The most significant recent innovation from Reading Bakery, which was on display at the IBIE show in September, is the WCX Wirecut machine, an improvement on the company’s previous model that adds significant flexibility, Roesler says.

“Bakeries can include up to 14 servo motors to control different cutting paths for extruded products, batters for cookies and bars,” he says. “The machine incorporates options to make multi-doughed cookies and bars, filled bars, and multi-colored cookies. For encapsulated cookies, the Iris cutting mechanism pinches the dough around the filling. So, for example, you can have a peanut-butter-filled cookie.”
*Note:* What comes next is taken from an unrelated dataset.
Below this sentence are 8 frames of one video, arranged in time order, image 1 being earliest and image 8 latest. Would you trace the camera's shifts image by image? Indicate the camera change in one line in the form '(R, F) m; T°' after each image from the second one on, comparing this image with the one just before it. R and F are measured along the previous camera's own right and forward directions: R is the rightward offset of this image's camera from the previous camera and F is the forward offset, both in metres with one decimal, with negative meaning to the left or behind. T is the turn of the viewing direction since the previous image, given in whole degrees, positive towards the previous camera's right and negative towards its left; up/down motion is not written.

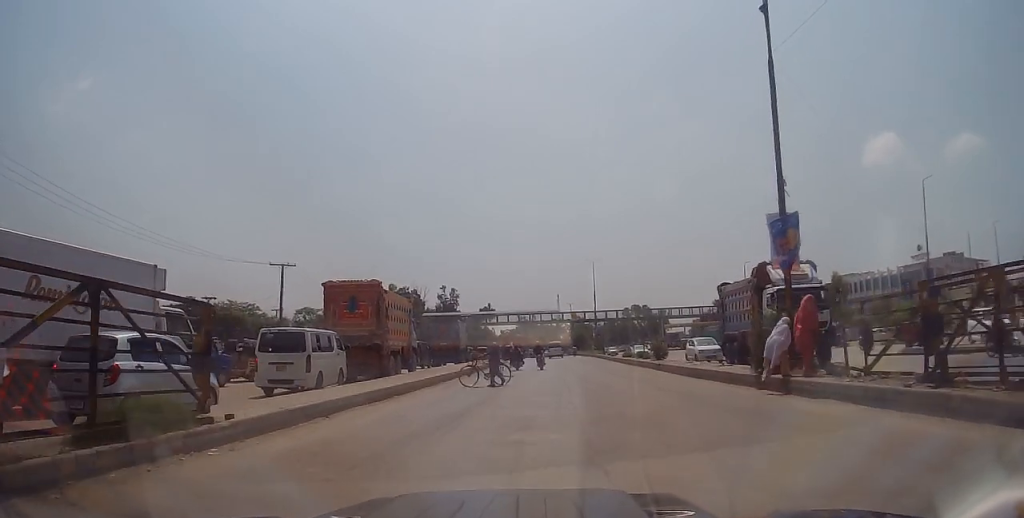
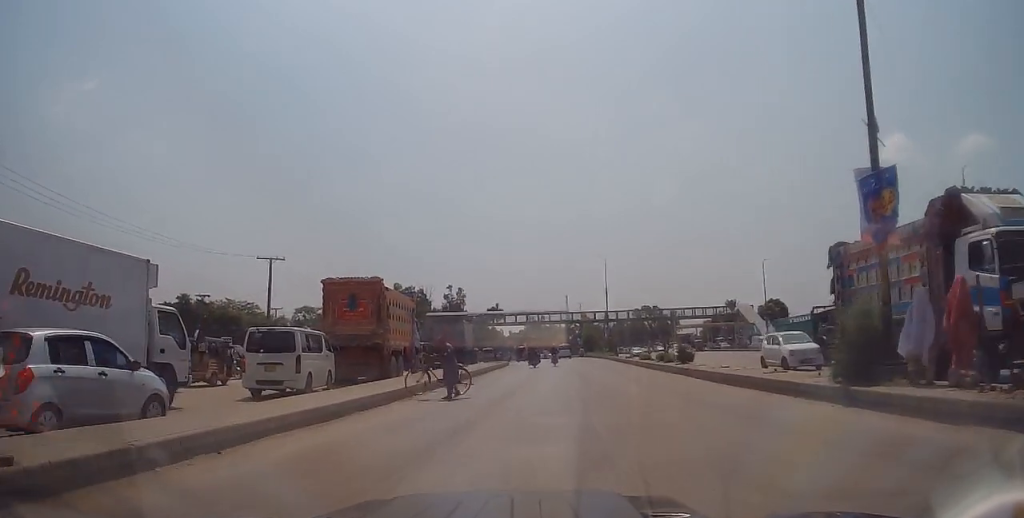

The WCX Wirecut also adds versatility to multi-dough cookies, enabling a chocolate and vanilla swirl pattern, for example, Roesler says. Lastly, the machine’s ultrasonic cutting mechanism at the extruder nozzle allows producers to slice sticky and/or hard, brittle inclusions for cookies or bars. “The ultrasonic cutter can be placed on the belt after the extruder to cut things like bars or other pieces,” he says. “You can incorporate ultrasonic cutting at multiple stages.”

In addition, Reading Bakery has modified its standard low-pressure extruder to allow for the creation of a new take on the traditional broken pretzel product called the Dynabite that was also exhibited at IBIE, Roesler says. “We take an extruded rod … send it through the slicer, and that slices the rod into same-sized nuggets of pretzel pieces,” he says. “One benefit of that is that the exposed interior of the pretzel can absorb seasoning better. It creates uniform shape sizes rather than randomization, and you get open interior space that’s more porous for absorption.”


SlabForm DUO

Company

Egan Food Technologies


Featured Product

SlabForm DUO


Egan Food Technologies has made an assortment of automation upgrades to the SlabForm DUO, designed for smaller bakeries and snack bar manufacturers, with a two-lane system that slits wide slabs of bar material at the outset rather than later in the process, Micelli says. “Then it’s a matter of guillotine-cutting it into the length you want, and it’s done,” he says. In addition, it’s a compact machine, about 10 feet long, and costs under $100,000.

Egan has added a module to the SlabForm DUO to create bite-sized products, about one-inch square, which Micelli says have been a challenge for smaller manufacturers to achieve from an economic standpoint. ”What it actually does is add a slitting option, to slit these into little cubes,” he says. “Even on the small machine, it allows you to produce 500 to 600 bites per month.”

Other new add-ons include a pre-feeder, slitter/spreader, retract conveyor, and cooling capabilities. In addition, during the first quarter of 2023, Egan will add an option to combine an extruder onto the line, allowing it to be multi-function, Micelli notes.


Vemag Portioner

 Company

 Reiser


 Featured Product

 Vemag Portioner


Another new product exhibited at IBIE is the Vemag Portioner from Reiser engineering, which adds a new cutting device to the Vemag multi-lane bar extruder. The scalable device can be made with varying widths of extruder and cutter, meaning that four, eight or 10 lanes and more all can be accommodated depending on production requirements. The portioner produces high volume and bars that are identical in length, with clean, even edges, the company says.

Available in a variety of models and hopper capacities, the Vemag Portioner features a positive displacement double-screw pump to provide the high accuracy, Reiser says, while gently transporting product to avoid smearing or crushing particulates that are both large and delicate.